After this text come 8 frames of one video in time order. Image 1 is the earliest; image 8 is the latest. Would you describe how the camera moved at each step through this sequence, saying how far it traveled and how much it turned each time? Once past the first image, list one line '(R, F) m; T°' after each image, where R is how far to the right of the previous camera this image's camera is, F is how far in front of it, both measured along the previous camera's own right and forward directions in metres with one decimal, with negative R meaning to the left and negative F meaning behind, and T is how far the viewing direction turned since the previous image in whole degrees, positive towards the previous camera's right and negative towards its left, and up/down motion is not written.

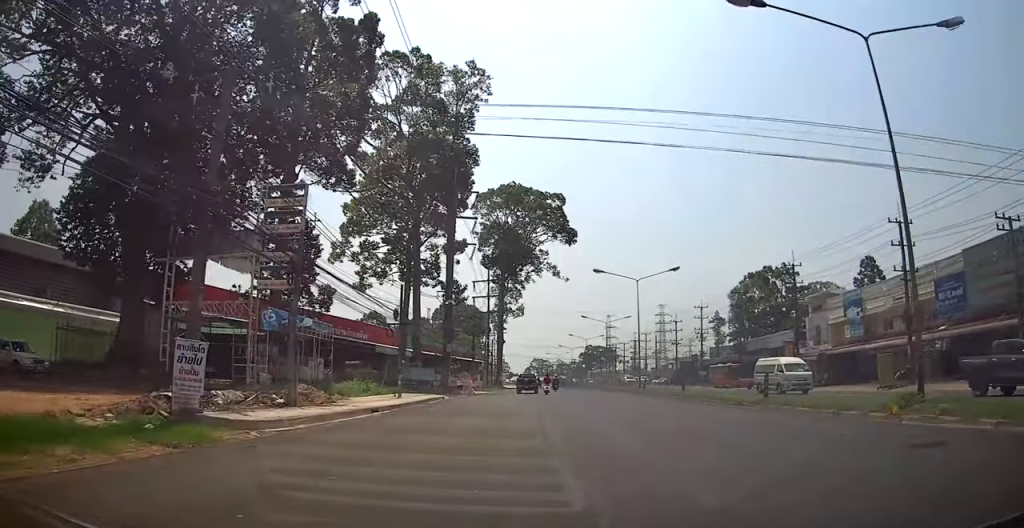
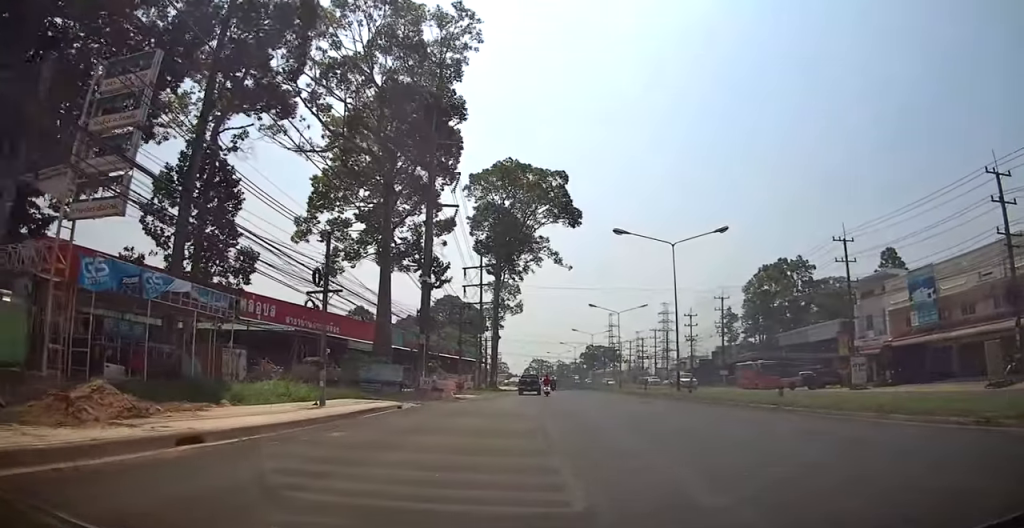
(-0.2, +10.2) m; -1°
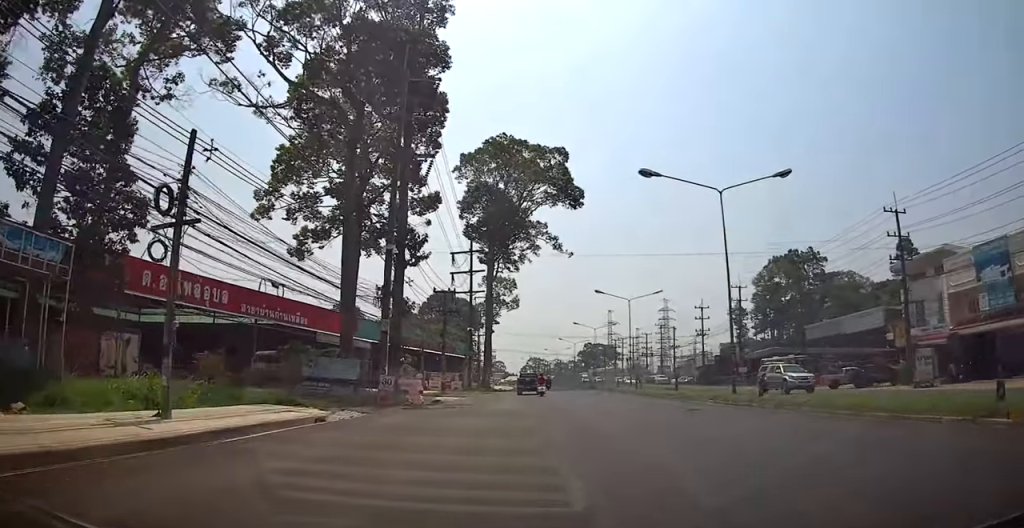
(-0.1, +8.4) m; +1°
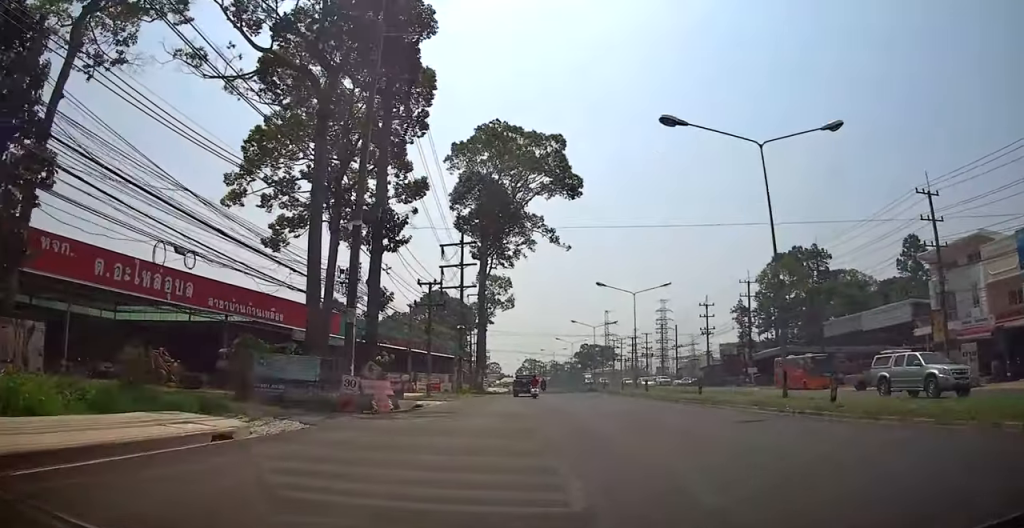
(+0.1, +4.8) m; 0°
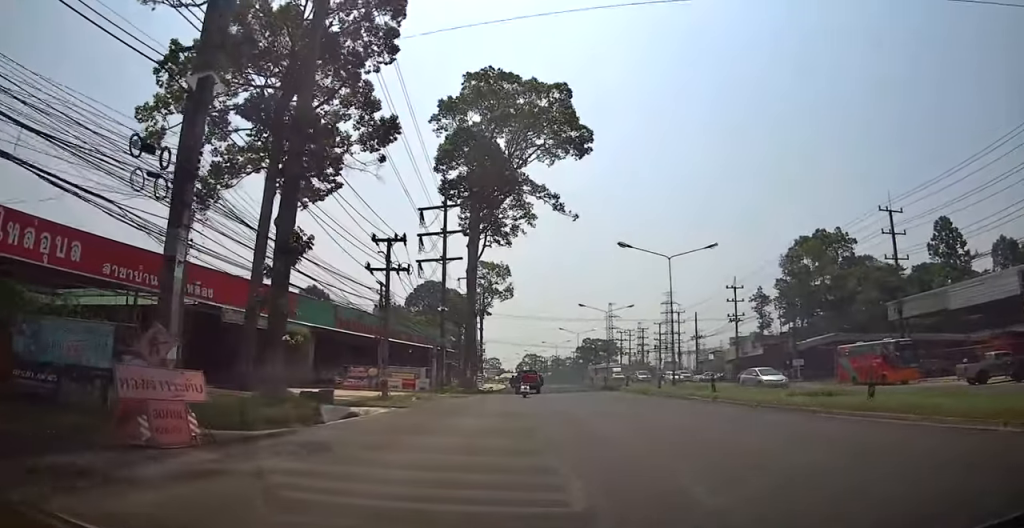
(+0.1, +12.9) m; +1°
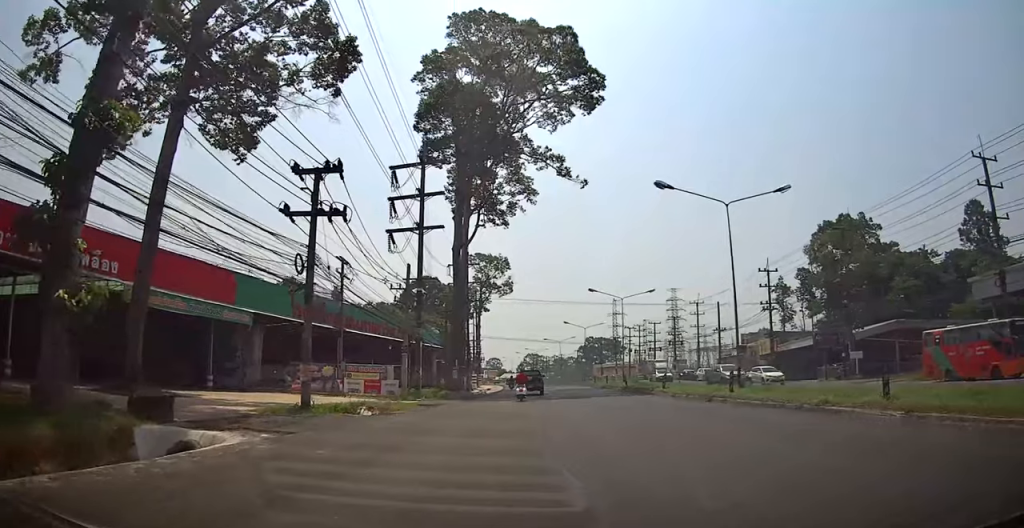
(0.0, +11.6) m; 0°
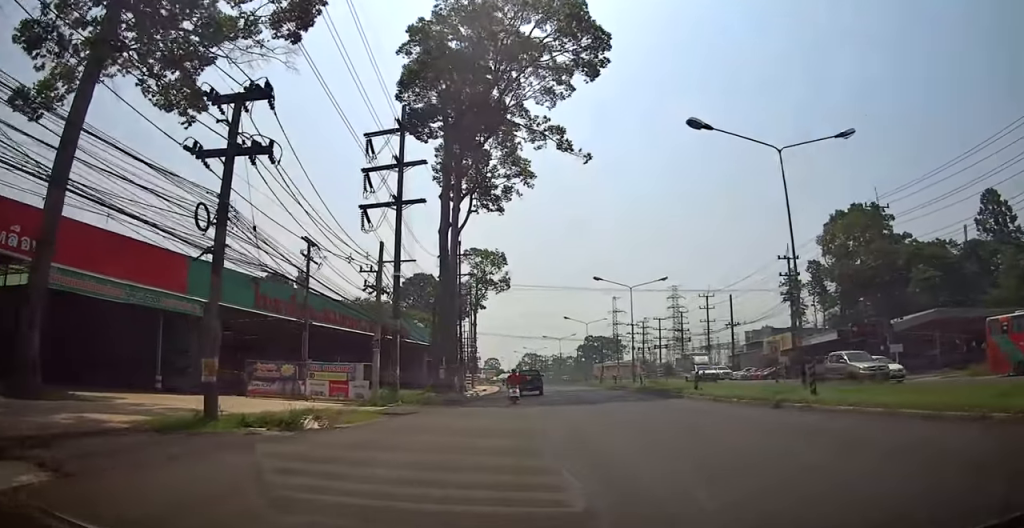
(0.0, +6.5) m; 0°
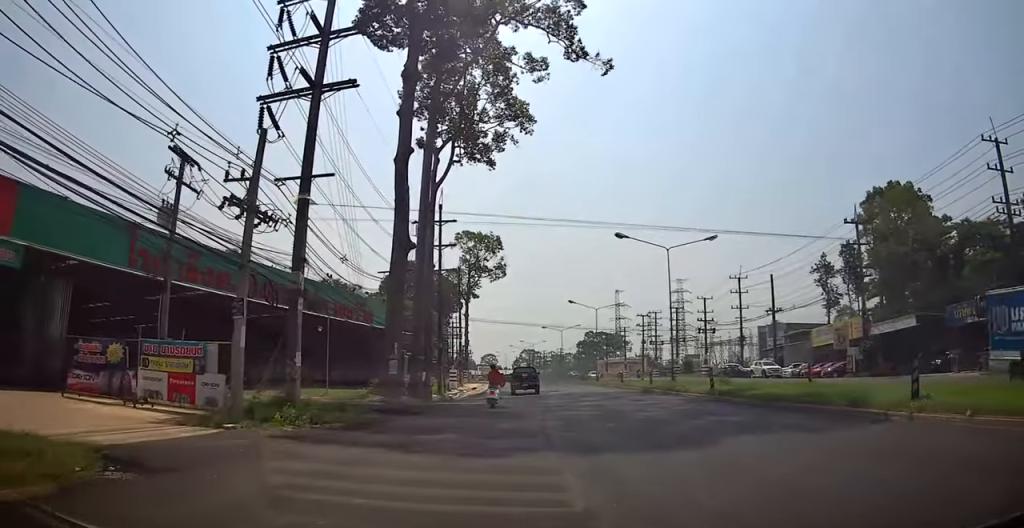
(0.0, +15.3) m; 0°
______
Your copy should restate every record word for word and contain no pictures.

After this text come 8 frames of one video in time order. Image 1 is the earliest; image 8 is the latest. Would you describe how the camera moved at each step through this sequence, saying how far it traveled and how much it turned each time? Once past the first image, list one line '(R, F) m; T°' after each image, where R is how far to the right of the previous camera this image's camera is, F is how far in front of it, both measured along the previous camera's own right and forward directions in metres with one decimal, with negative R meaning to the left and negative F meaning behind, and T is how far the viewing direction turned since the previous image in whole degrees, positive towards the previous camera's right and negative towards its left, and up/down motion is not written.

(-0.2, +10.2) m; -1°
(-0.1, +8.4) m; +1°
(+0.1, +4.8) m; 0°
(+0.1, +12.9) m; +1°
(0.0, +11.6) m; 0°
(0.0, +6.5) m; 0°
(0.0, +15.3) m; 0°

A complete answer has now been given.